Figure 1 Design of the gene circuit for programming the bacterial lifestyle
In order to obtain engineering bacteria that can display three lifestyles under different intensities of near-infrared light, the research team replaced RBS1 and RBS2 in batches, and screened candidate strains in batches through a 96-well lighting device, and then verified them with a microscope. The resulting engineered strain was named H017 (Fig. 2). The lifestyle of H017 can be programmed by adjusting the irradiation intensity of near-infrared light hierarchically. When H017 is subjected to a medium-intensity-high-intensity cycle of near-infrared light irradiation program, the bacteria will enter the biofilm state-lysis state lifestyle cycle.
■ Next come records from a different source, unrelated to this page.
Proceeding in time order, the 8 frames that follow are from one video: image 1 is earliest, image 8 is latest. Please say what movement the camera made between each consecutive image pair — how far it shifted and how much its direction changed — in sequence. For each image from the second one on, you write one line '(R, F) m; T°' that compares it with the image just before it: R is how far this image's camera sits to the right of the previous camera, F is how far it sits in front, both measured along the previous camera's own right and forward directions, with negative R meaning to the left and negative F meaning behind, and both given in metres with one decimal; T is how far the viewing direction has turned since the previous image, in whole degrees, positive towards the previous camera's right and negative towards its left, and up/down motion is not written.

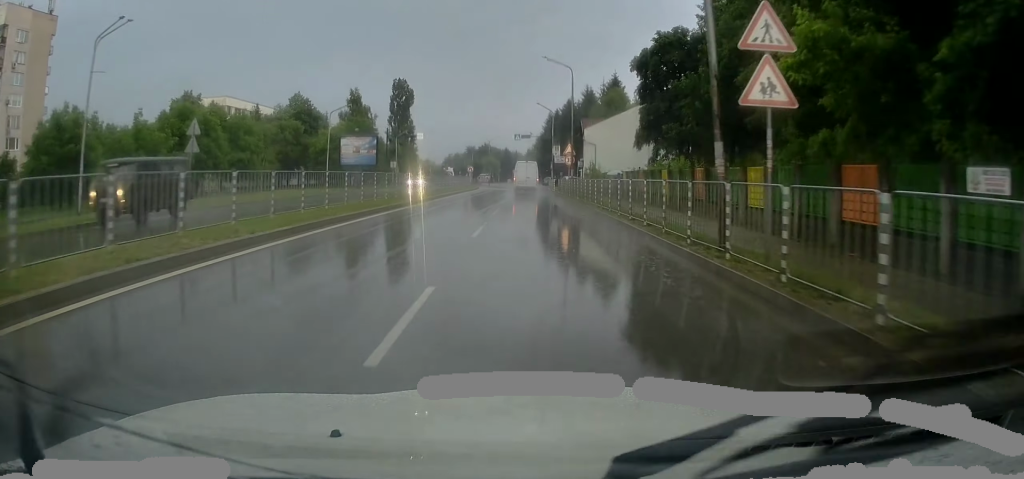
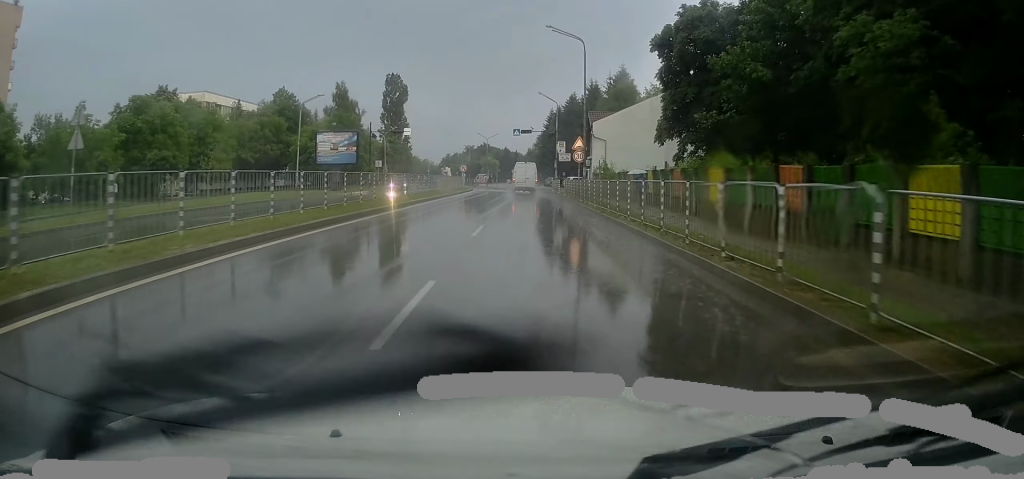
(+0.3, +8.6) m; 0°
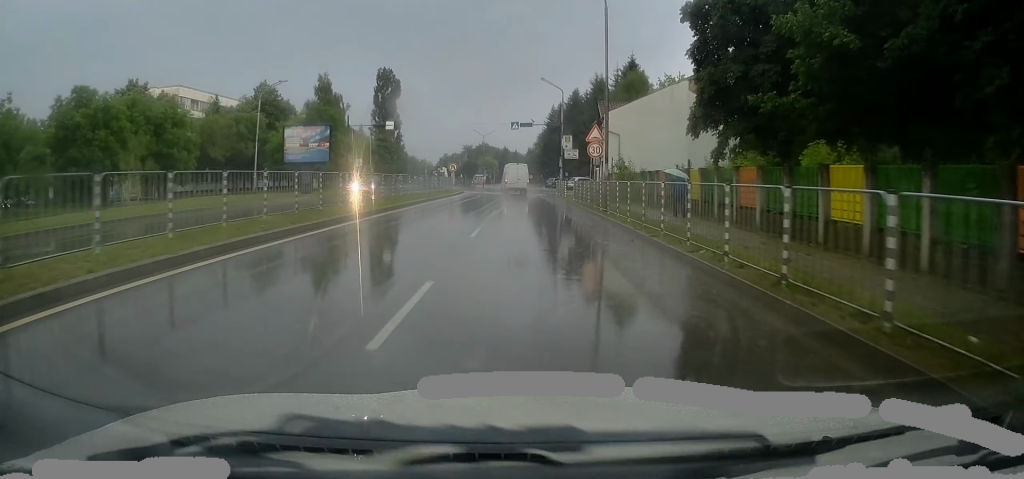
(-0.2, +8.8) m; 0°
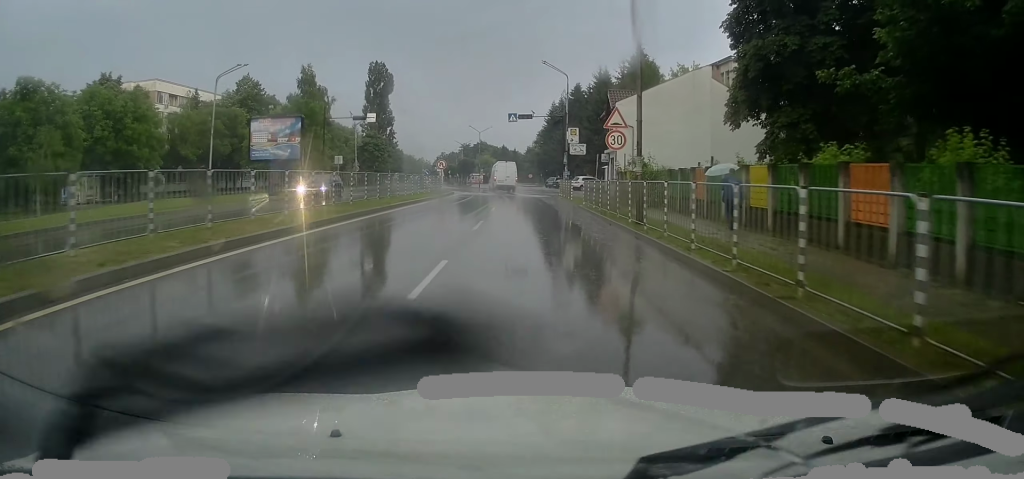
(0.0, +6.9) m; +1°
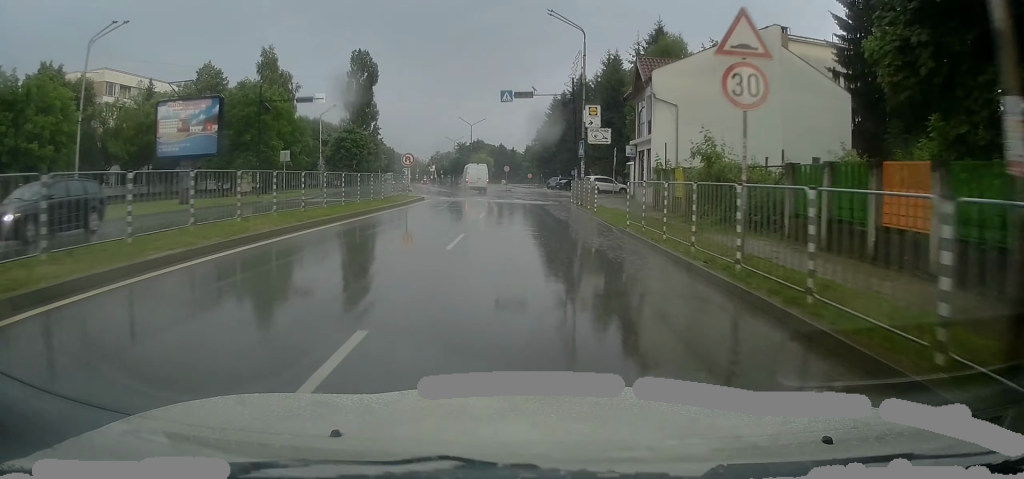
(+0.3, +13.0) m; 0°
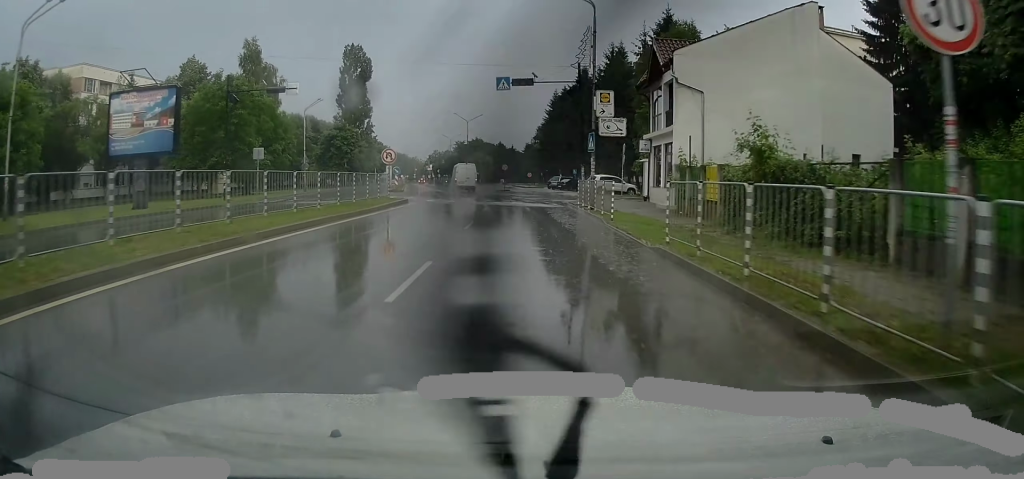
(+0.1, +4.6) m; -1°
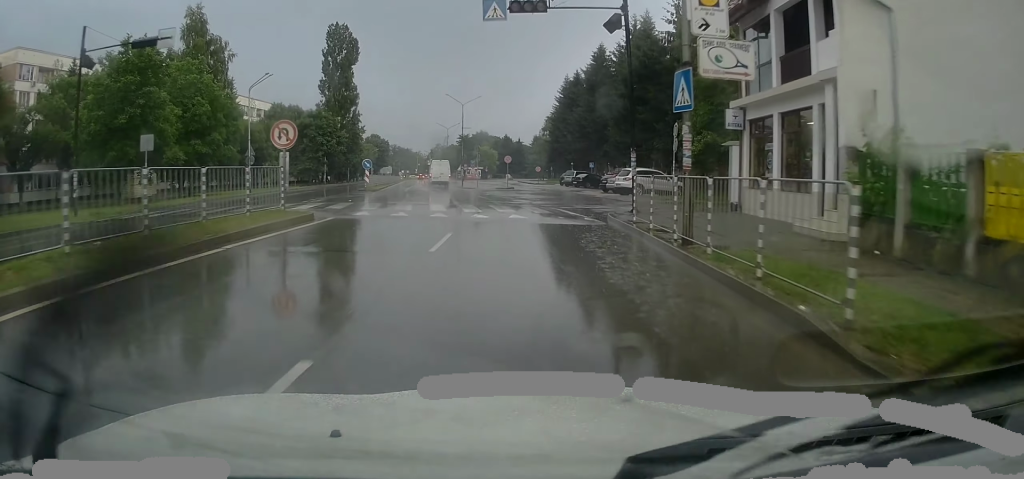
(-0.4, +13.9) m; -2°
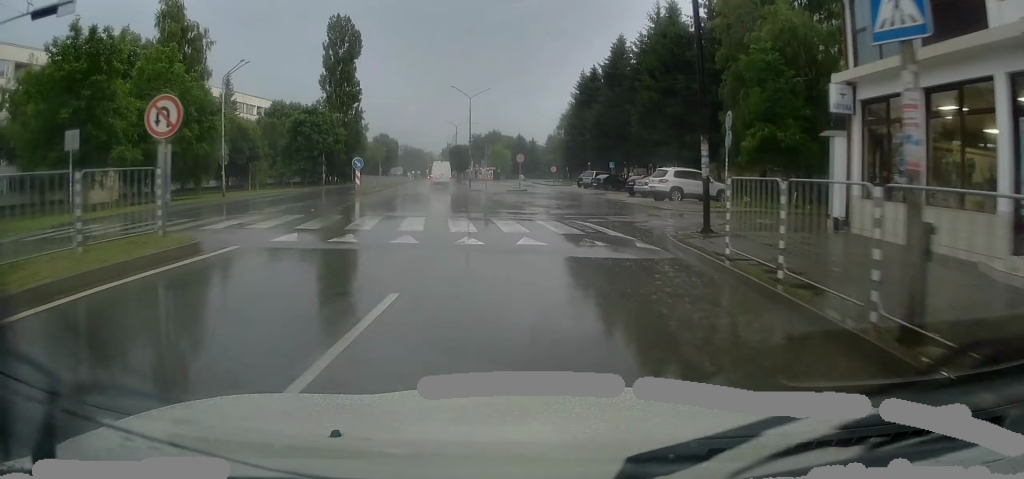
(+0.1, +6.8) m; 0°

Fig. 2 Programming bacterial lifestyle by adjusting the intensity of near-infrared light hierarchically
In order to verify the role of the three lifestyles of engineered bacteria in tumor therapy in vitro, the research team conducted bacteria-cell co-culture experiments in microfluidic channels (Figure 3). The research team first confirmed that when cells in a designated area are illuminated with different intensities of near-infrared light, the engineered bacteria can precisely enter the corresponding lifestyle in the area. When a medium-intensity-high-intensity light program is applied to cells in a designated area, H017 first enters a biofilm state and colonizes a large number of cells on the surface, and then enters a lysed state to release therapeutic drugs and cause cell necrosis. The above results show that the lifestyle of engineered bacteria can be controlled with high spatio-temporal resolution by near-infrared light. In addition, based on the results achieved by the control group, the research team found that the drug accumulation process in the biofilm state and the drug release process in the cleavage state are the keys for H017 to kill tumor cells.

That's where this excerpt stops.